Myself, this MIME-type business seems like a stupid hoop to jump through and will do nothing to encourage to designers to adopt standards.

But it seems like the W3C is beginning to wander off into la la land, what with the strange formulation of XHTML 2 and all, so this MIME-type business doesn't surprise me too much. As much I appreciate standards, it seems like some of these recommendations from W3C is just a lot of ultra-geeky masterbating (i.e. recommendations/standards for their own sake, vs. actually serving some sort of pragmatic purpose.)

5. May 13, 2003 06:11 PM

Quote this comment

Liorean Posted…

I don't agree (of course). Mostly because the content type is intended to be the thing that tells the user agent (=browser today, but MIME and HTTP aren't intended for browsers specifically) what type of document it's sent. The browser wouldn't be able to diffetentiate an XML document from an SGML document from a JavaScript from a StyleSheet from a textual database ...you see what I'm getting at... if there weren't something that told the browser what it's supposed to handle the recieved document as. Then, within the confines of that, the type can contain sup-types, and that's what DTD provides. The content type does the same for the net as the file extensions does for Windows. A .doc document can be Word6.0 or Word2k, you can't tell from the extension. It's the same with content types. This is in fact one of the most crucial features of the HTTP protocol to get the internet to work as it should. What I'm talking about here isn't really related to that, though. As long as we have one content type that is coupled with the handling we want, that's what we should send the file as. BUT, the choice of what to call that type is what I'm talking about. This is akin to using .txt, .asc or .text for text files. Any of the extensions is as good as the others, the question of what of them is the most appropriate to have coupled to the handling they all are associated with is the one I'm addressing. I think the XHTML file format is quite readable. I wouldn't want to read it if I can avoid it, but I prefer reading it as text to not reading it at all. Another thing, the meaning of the supertypes is to know what handler to send it to if there exists no one specialised on that content type. I think sending it to a 'text' handler is more appropriate than not being able to open it in any handler at all, as with 'application'. The choice of displaying it or doing something else lies on that handler for the general 'text' type, not on the program shuffling it to there. In other words, if a mail program doesn't support 'text/html', it can chose to NOT render it, but instead tell you to get a program that can handle that content type. Or, if it's simply not able to handle html, but knows how to convert it to pure text, it can strip it of tags and display the test alone.

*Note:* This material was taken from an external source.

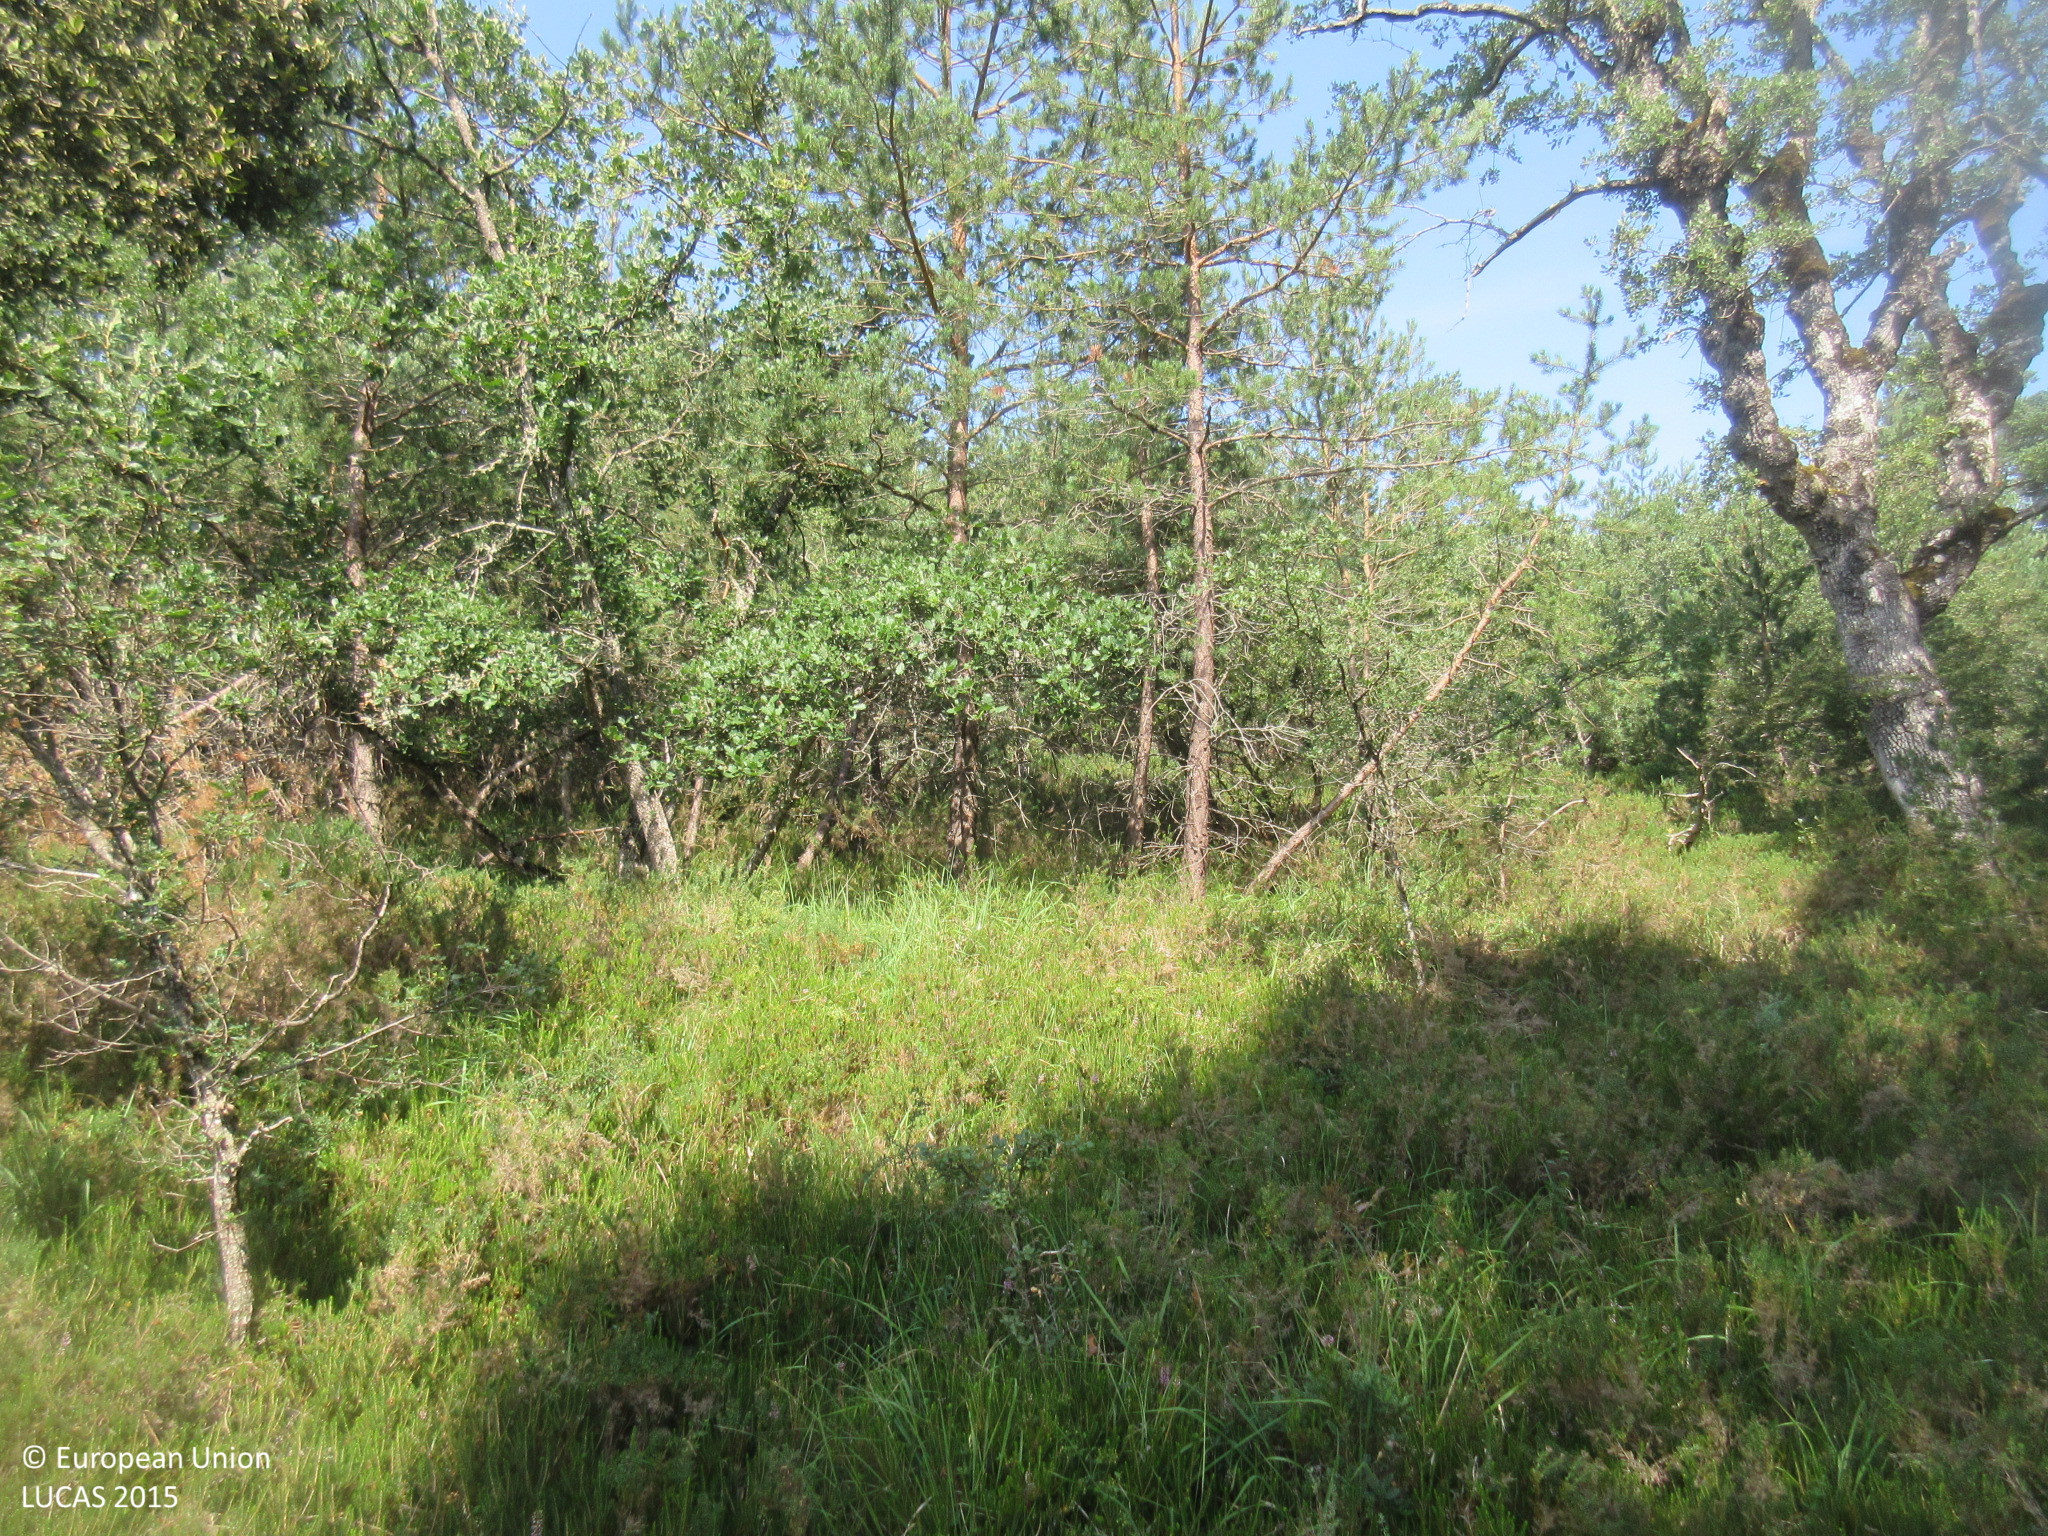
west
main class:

6. January 28, 2004 03:15 AM

Quote this comment

Zooplah Posted…

I'd just like to note that the original proposed MIME type for XHTML was text/xhtml; but it was taken to the IETF for normalization and ultimately got application/xhtml+xml (which we'll just have to live with). Furthermore, this is all compliant with the RFC's: text/xml is plain XML text (you don't get namespaces or things like that). application/xml is for applications of XML.